### TASK DATA

========

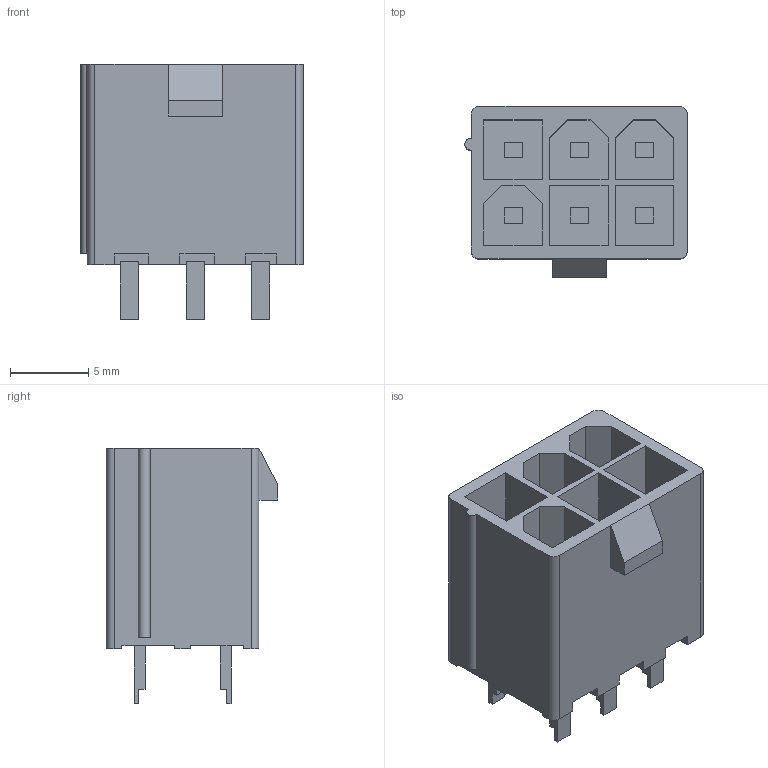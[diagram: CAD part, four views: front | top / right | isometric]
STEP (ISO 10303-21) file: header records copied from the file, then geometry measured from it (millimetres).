
FILE_DESCRIPTION((''),'2;1');
FILE_NAME('C-1586037-6','2008-04-28T',('workeradm'),('Tyco Electronics Corporation'),'PRO/ENGINEER BY PARAMETRIC TECHNOLOGY CORPORATION, 2005450','PRO/ENGINEER BY PARAMETRIC TECHNOLOGY CORPORATION, 2005450','');
FILE_SCHEMA(('CONFIG_CONTROL_DESIGN', 'GEOMETRIC_VALIDATION_PROPERTIES_MIM'));
Length unit declared in the file: millimetre
Products named in the file (1): C-1586037-6
Bounding box: 14.2 x 10.95 x 16.3 mm (x, y, z)
Volume: 967.3 mm3; surface area: 1950.8 mm2
Topology: 7 solids, 7 shells, 169 faces, 427 edges, 284 vertices
Faces by surface type: plane 164, cylinder 5
Entity records: 5092 total; most frequent: CARTESIAN_POINT 881, ORIENTED_EDGE 854, DIRECTION 775, EDGE_CURVE 427, VECTOR 417, LINE 417, VERTEX_POINT 284, EDGE_LOOP 181
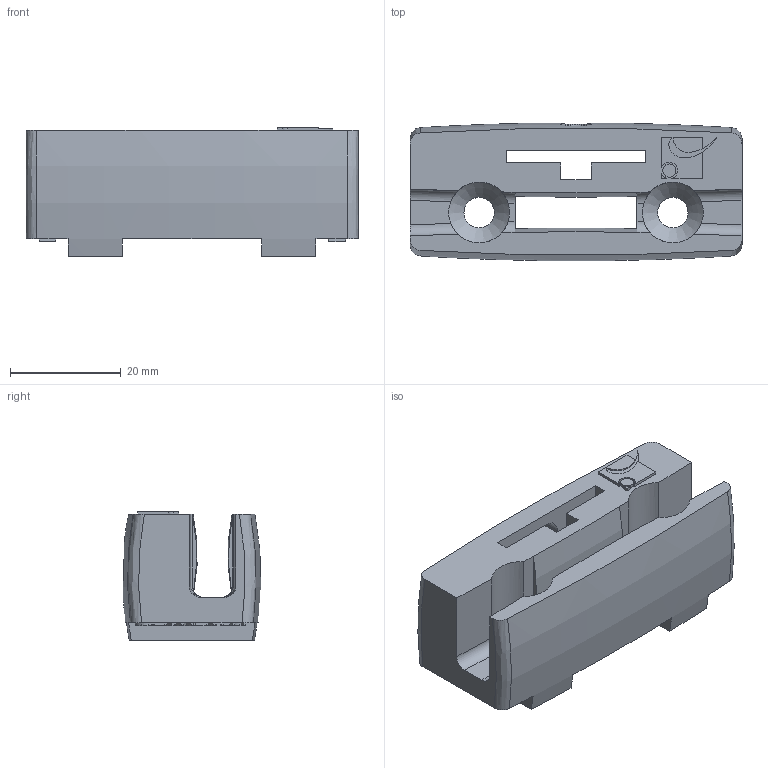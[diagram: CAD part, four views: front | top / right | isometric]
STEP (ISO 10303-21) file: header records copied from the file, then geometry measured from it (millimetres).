
FILE_DESCRIPTION(/* description */ (''),/* implementation_level */ '2;1');
FILE_NAME(/* name */ '21760.stp',/* time_stamp */ '2019-08-16T09:50:14+02:00',/* author */ ('Didierr'),/* organization */ (''),/* preprocessor_version */ 'ST-DEVELOPER v17.2',/* originating_system */ 'Autodesk Inventor 2019',/* authorisation */ '');
FILE_SCHEMA (('AUTOMOTIVE_DESIGN { 1 0 10303 214 3 1 1 }'));
Length unit declared in the file: millimetre
Products named in the file (1): 21760
Bounding box: 60 x 24.85 x 23.3 mm (x, y, z)
Volume: 19119.5 mm3; surface area: 9236.8 mm2
Topology: 1 solids, 1 shells, 287 faces, 778 edges, 512 vertices
Faces by surface type: plane 220, bspline 34, cylinder 27, torus 4, cone 2
Full cylindrical faces by diameter (mm): 2.39 x1, 5.5 x2
Entity records: 9734 total; most frequent: CARTESIAN_POINT 2671, ORIENTED_EDGE 1558, DIRECTION 1255, EDGE_CURVE 779, LINE 603, VECTOR 603, VERTEX_POINT 512, AXIS2_PLACEMENT_3D 326

========

### TASK DETAILS
Return the lines of the data above in full and exactly, with no pictures.

### EXERCISE ANSWER
[diagram: CAD part, four views: front | top / right | isometric]
STEP (ISO 10303-21) file: header records copied from the file, then geometry measured from it (millimetres).
FILE_DESCRIPTION((''),'2;1');
FILE_NAME('C-1586037-6','2008-04-28T',('workeradm'),('Tyco Electronics Corporation'),'PRO/ENGINEER BY PARAMETRIC TECHNOLOGY CORPORATION, 2005450','PRO/ENGINEER BY PARAMETRIC TECHNOLOGY CORPORATION, 2005450','');
FILE_SCHEMA(('CONFIG_CONTROL_DESIGN', 'GEOMETRIC_VALIDATION_PROPERTIES_MIM'));
Length unit declared in the file: millimetre
Products named in the file (1): C-1586037-6
Bounding box: 14.2 x 10.95 x 16.3 mm (x, y, z)
Volume: 967.3 mm3; surface area: 1950.8 mm2
Topology: 7 solids, 7 shells, 169 faces, 427 edges, 284 vertices
Faces by surface type: plane 164, cylinder 5
Entity records: 5092 total; most frequent: CARTESIAN_POINT 881, ORIENTED_EDGE 854, DIRECTION 775, EDGE_CURVE 427, VECTOR 417, LINE 417, VERTEX_POINT 284, EDGE_LOOP 181
[diagram: CAD part, four views: front | top / right | isometric]
STEP (ISO 10303-21) file: header records copied from the file, then geometry measured from it (millimetres).
FILE_DESCRIPTION(/* description */ (''),/* implementation_level */ '2;1');
FILE_NAME(/* name */ '21760.stp',/* time_stamp */ '2019-08-16T09:50:14+02:00',/* author */ ('Didierr'),/* organization */ (''),/* preprocessor_version */ 'ST-DEVELOPER v17.2',/* originating_system */ 'Autodesk Inventor 2019',/* authorisation */ '');
FILE_SCHEMA (('AUTOMOTIVE_DESIGN { 1 0 10303 214 3 1 1 }'));
Length unit declared in the file: millimetre
Products named in the file (1): 21760
Bounding box: 60 x 24.85 x 23.3 mm (x, y, z)
Volume: 19119.5 mm3; surface area: 9236.8 mm2
Topology: 1 solids, 1 shells, 287 faces, 778 edges, 512 vertices
Faces by surface type: plane 220, bspline 34, cylinder 27, torus 4, cone 2
Full cylindrical faces by diameter (mm): 2.39 x1, 5.5 x2
Entity records: 9734 total; most frequent: CARTESIAN_POINT 2671, ORIENTED_EDGE 1558, DIRECTION 1255, EDGE_CURVE 779, LINE 603, VECTOR 603, VERTEX_POINT 512, AXIS2_PLACEMENT_3D 326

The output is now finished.